少し前の出来事を思い出し上手く言葉に出来ない。
また悠人にあんな顔をさせなければいけないのか...という思いはあるがそれが主人公の通る道、そして俺の脇役道だと自分に言い聞かせストーリーを進ませる手法の一つを実践する。
「大丈夫なの?悪忍といえば残忍で暴虐だと習ったんだし、わざわざ一真が行かなくても...」
「だからだろ?お前が仕事しやすいようにすれば二人揃って生き残れる可能性も上がるんじゃね?それに死ぬつもりなんて毛頭無いからよ。...それに。」
「それに?」
そこまで言ったものの以降の台詞を用意していなかったので目線を動かし自分と同い年くらいのくの一を見つけ閃いた。

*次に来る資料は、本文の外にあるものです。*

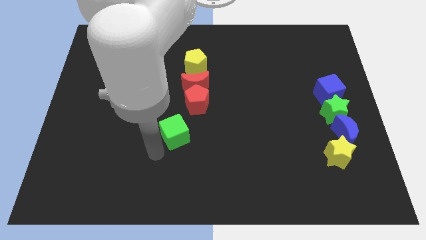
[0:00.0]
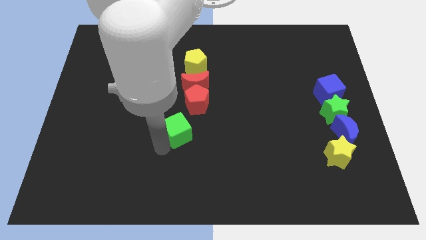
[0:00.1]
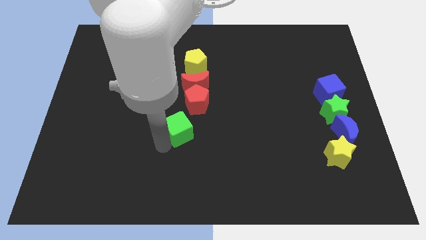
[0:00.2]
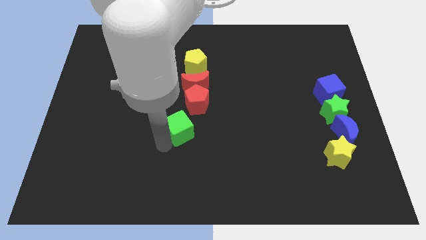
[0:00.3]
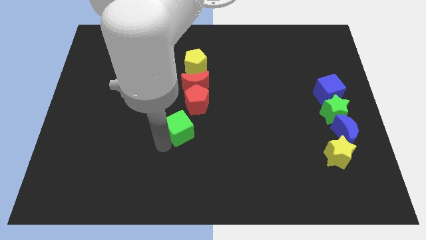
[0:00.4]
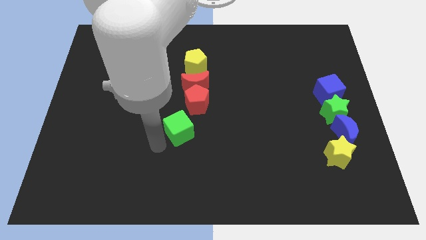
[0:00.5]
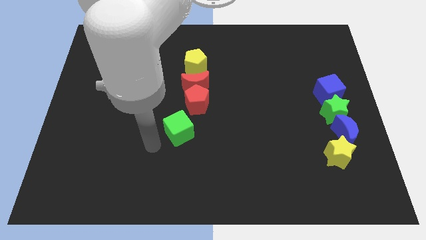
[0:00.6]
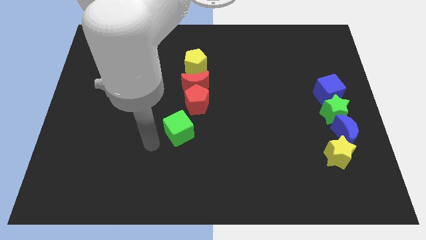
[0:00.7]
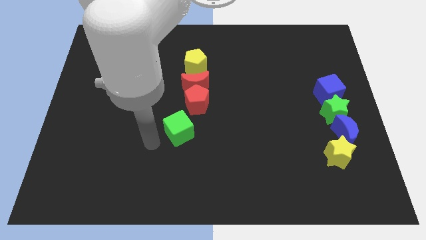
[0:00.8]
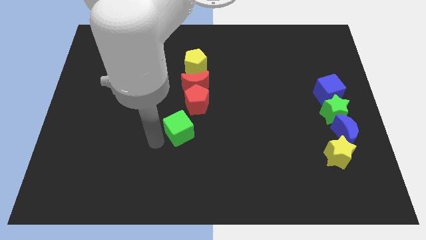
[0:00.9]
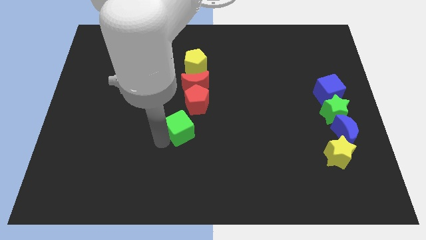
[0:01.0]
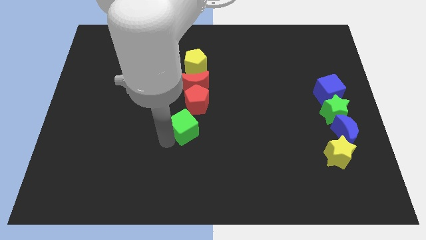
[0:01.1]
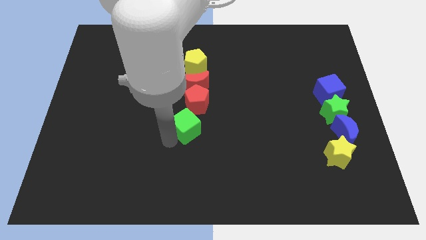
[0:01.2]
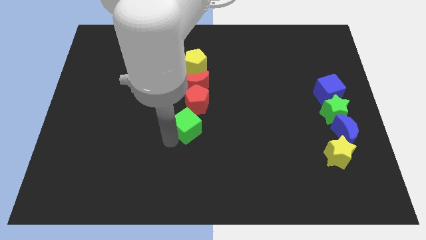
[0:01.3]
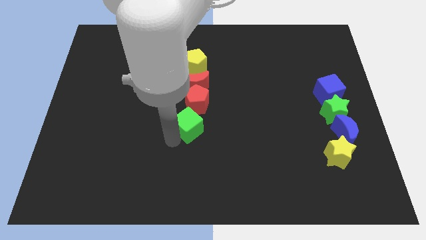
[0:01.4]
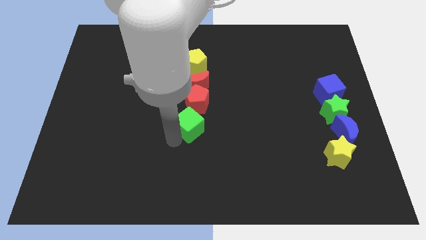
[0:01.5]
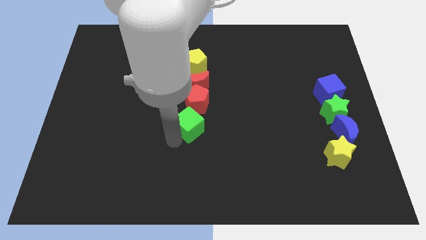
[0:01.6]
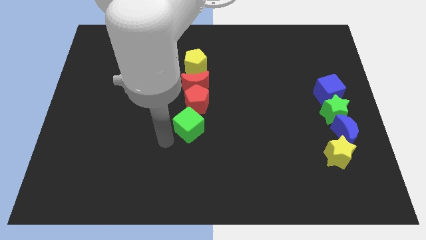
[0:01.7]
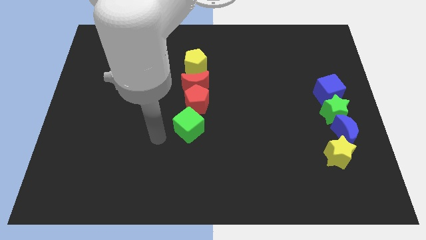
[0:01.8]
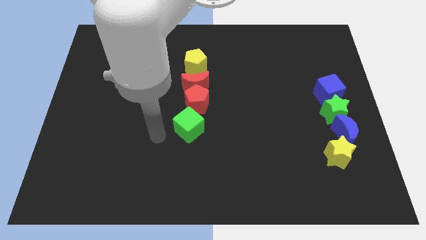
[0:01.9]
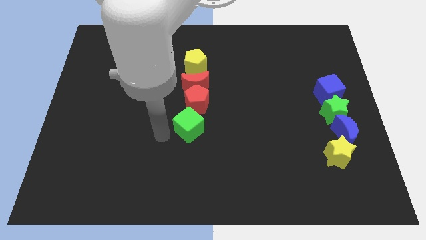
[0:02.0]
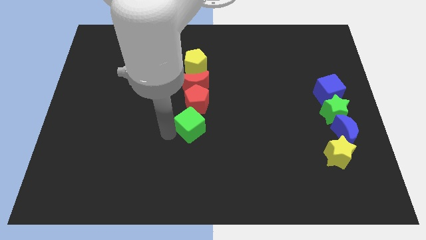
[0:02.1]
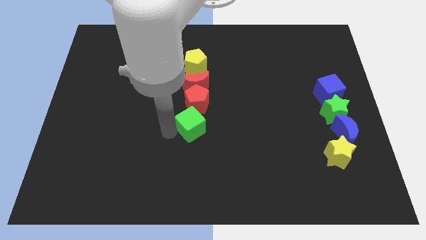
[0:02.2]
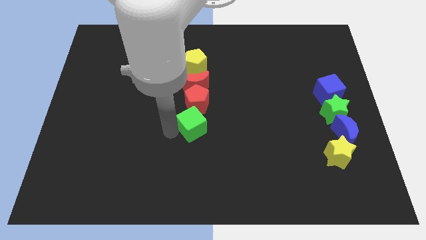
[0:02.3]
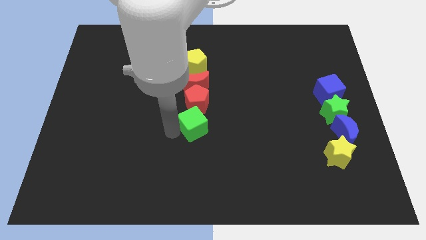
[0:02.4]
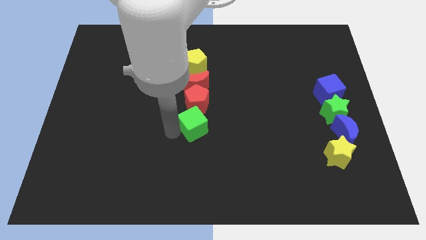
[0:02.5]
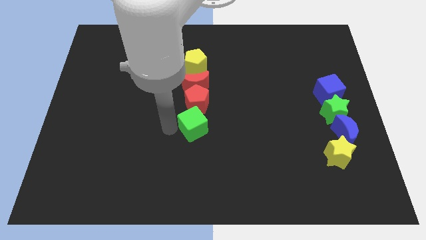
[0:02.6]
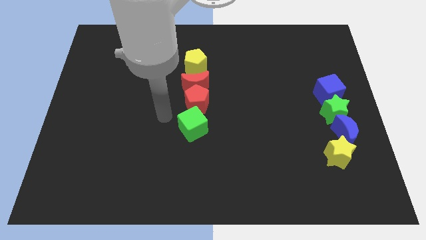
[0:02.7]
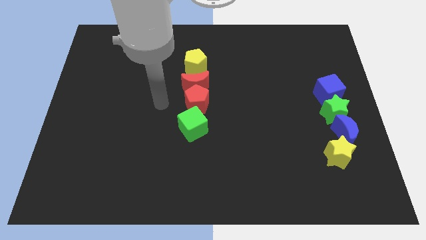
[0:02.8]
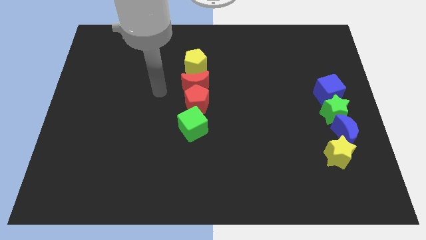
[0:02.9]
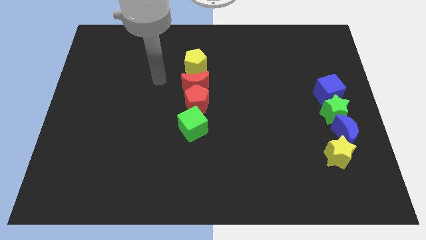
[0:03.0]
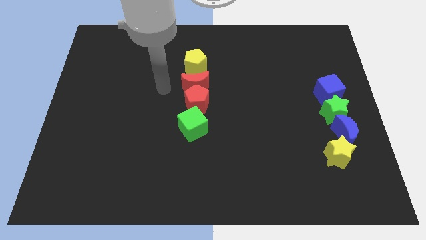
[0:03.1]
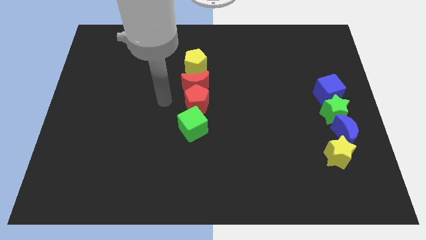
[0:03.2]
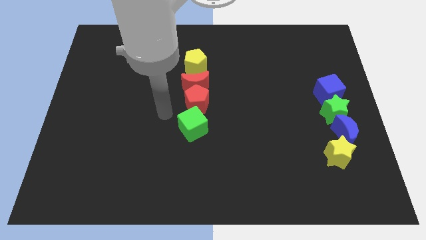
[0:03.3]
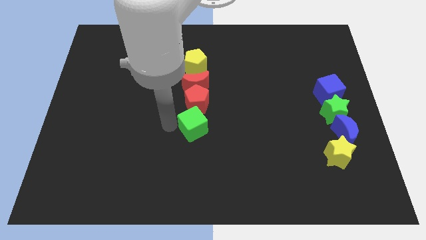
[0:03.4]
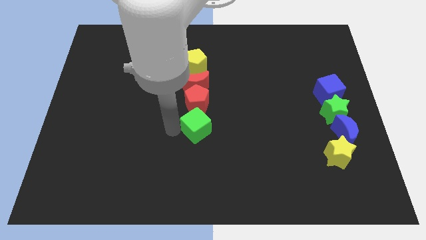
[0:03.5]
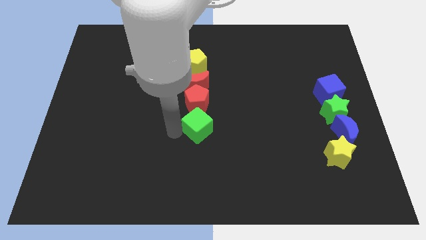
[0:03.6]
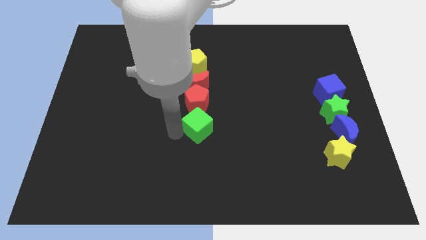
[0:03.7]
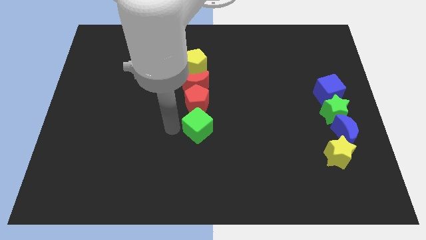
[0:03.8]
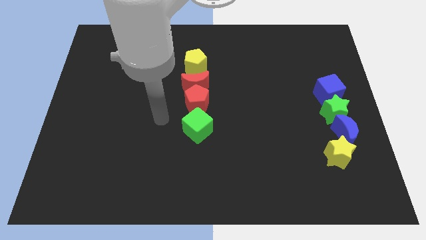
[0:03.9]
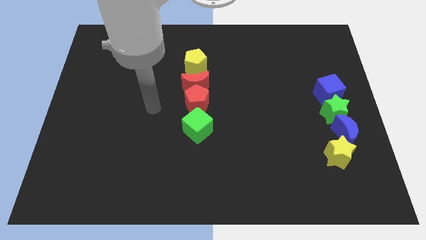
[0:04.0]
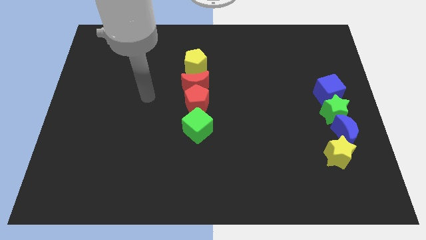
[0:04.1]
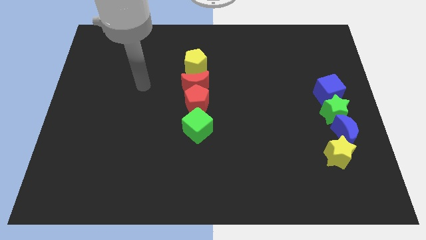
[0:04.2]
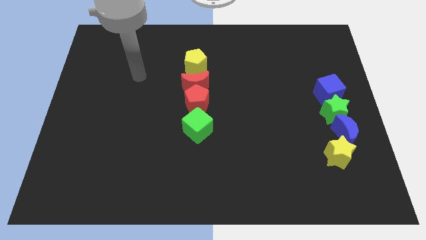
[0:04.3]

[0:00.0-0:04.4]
adjust the green cube to form a vertical line with red blocks and the yellow pentagon

「それによ...俺...帰ってきたらあの子に告白するんだ。」
「....ぷっ!ははははっ!!そっかそっか、分かった。もう何も言わないよ。情報よろしくね。」
これこそが手法その一。フラグ立てである。
帰ってきたら~と言い始める脇役やモブはほぼ死ぬ。
だが今回は簡単に死ねないだろう。
ワールドタスクに載っている通りなら悠人が到着するまでの生存が条件だからな。
恐らくは死ぬより酷い目に遭う可能性が高い。
正直怖いし、痛いのは嫌いだ...けど、悠人の為なら俺は耐えられる。
他ならない親友の為なんだからな。
「それじゃあ行ってくるわ!!成功したら良いもん食いに行こうぜっ!!」
「うん。気を付けてね、一真!!」
「おうともよっ!!」
懐から校長先生...ではなく里長から貰った地図を取り出し、忍の里から踏み出した。
ーー目的地付近の森の中央ーー
「すげえなっ、この世界の佐藤一真はよっ!!」
流石は忍として訓練を重ねてきた身体だけあり、ひょいひょいっと木の枝の上を軽々と跳び移っていける。

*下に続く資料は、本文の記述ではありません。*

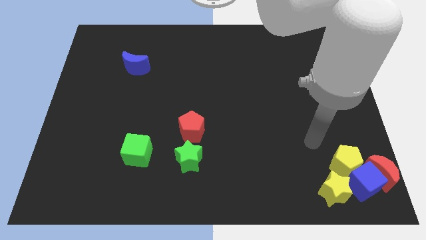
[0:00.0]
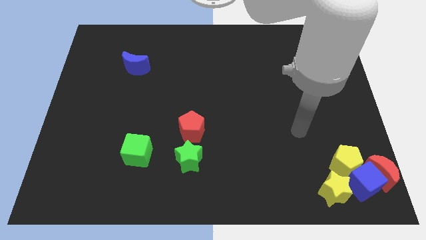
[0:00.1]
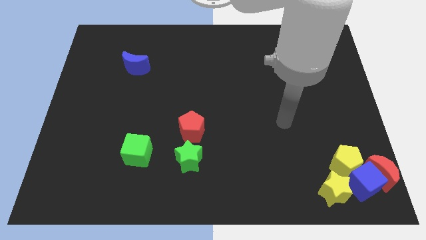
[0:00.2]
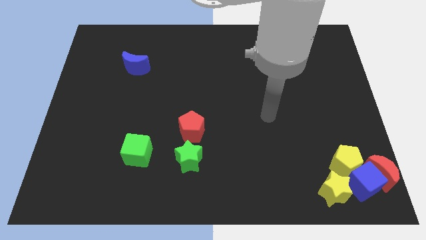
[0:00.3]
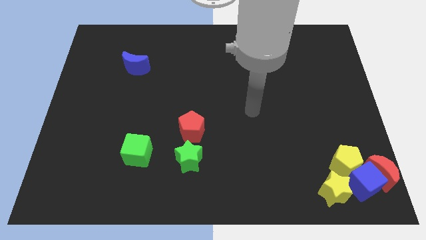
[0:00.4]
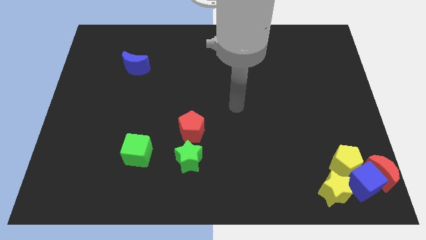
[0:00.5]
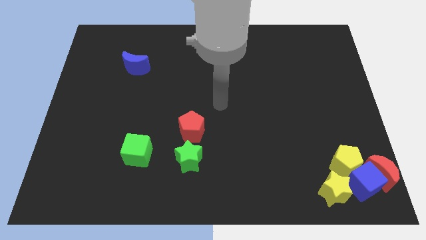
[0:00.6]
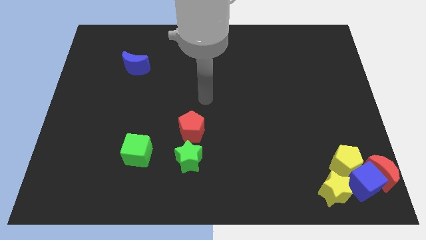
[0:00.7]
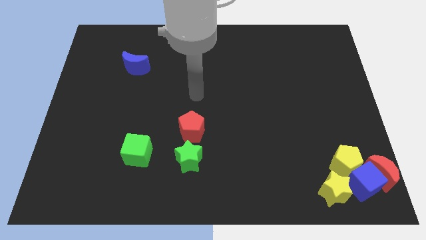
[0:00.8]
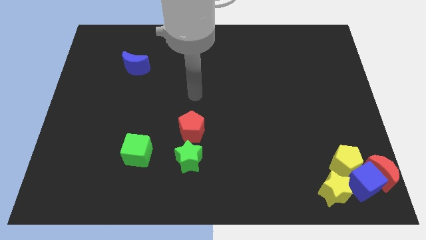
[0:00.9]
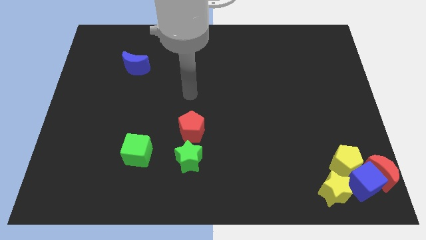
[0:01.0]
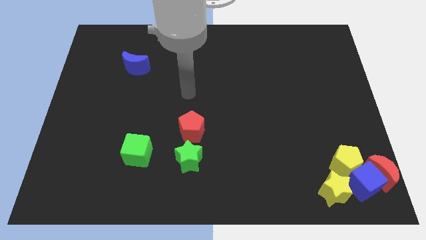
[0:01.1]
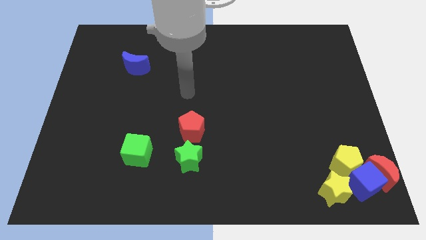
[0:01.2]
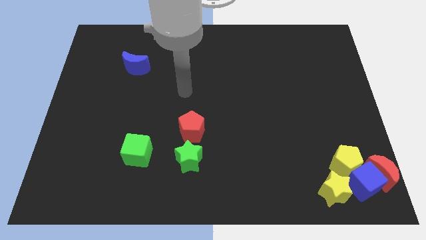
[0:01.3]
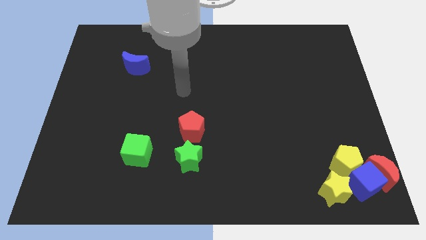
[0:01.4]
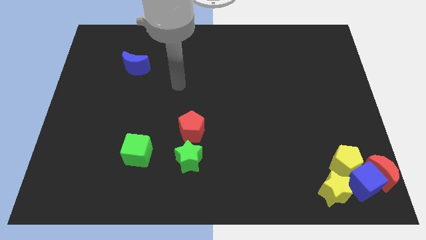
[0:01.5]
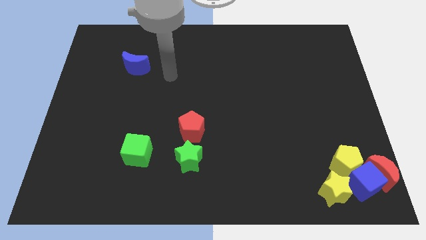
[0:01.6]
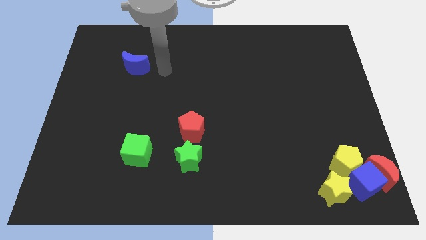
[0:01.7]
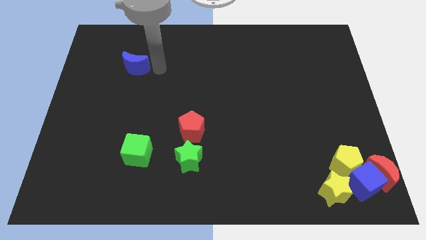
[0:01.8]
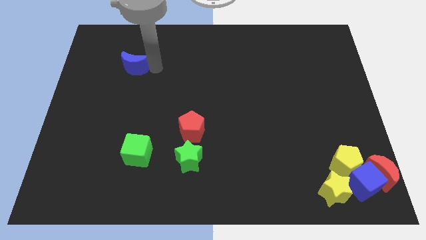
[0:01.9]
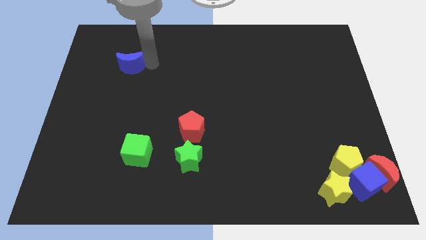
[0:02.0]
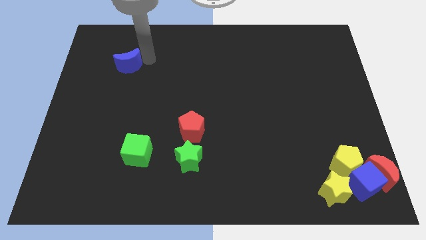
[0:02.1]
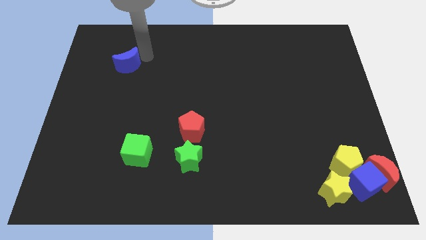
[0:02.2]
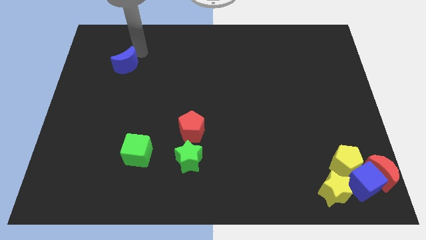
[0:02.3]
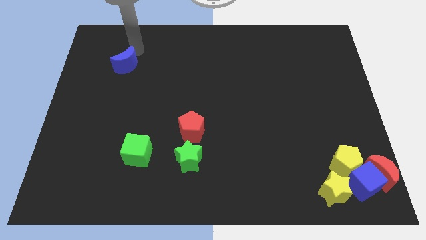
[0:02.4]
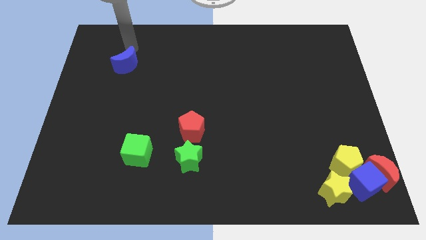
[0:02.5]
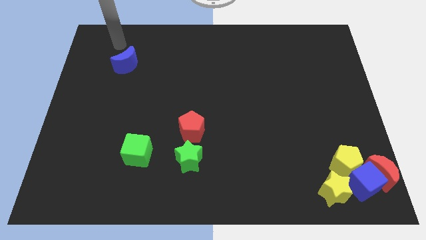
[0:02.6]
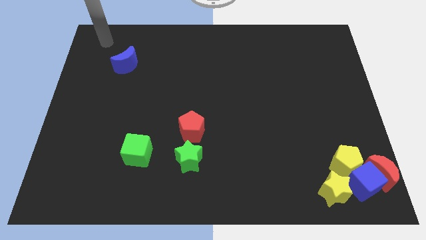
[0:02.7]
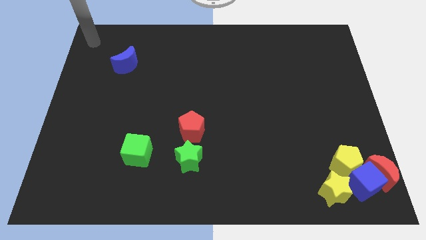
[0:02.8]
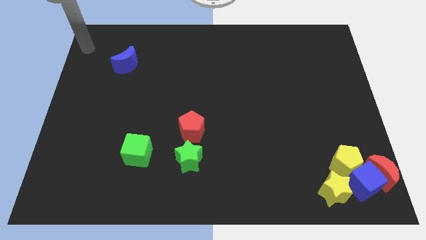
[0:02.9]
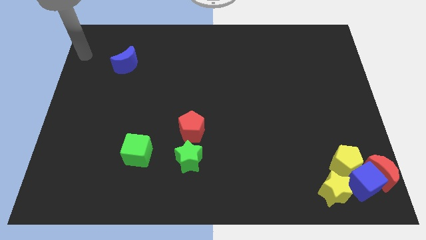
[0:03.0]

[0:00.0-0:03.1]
move your arm to the top left corner of the board

このRe:Setという未知の現象には2通りクリア方法がある。
一つはワールドタスクをクリアする事。
もう一つは命を失うことだ。
前の世界を鑑みると一見無理ゲーな感じもするが実際には死にゲーに近い。
何故なら知識は俺の意識に根付き、次の自分に意識を移す際引き継がれる。永久に。
詰まるところこれが俺の武器、知識だ。
とは言えRe:Setしたのはほんの数回だけだし、日常回からのピンチばかりなので蓄えるのは逃げ方やもう遭遇する事が無い化け物の容姿ぐらいのものだから余り期待は出来ないが。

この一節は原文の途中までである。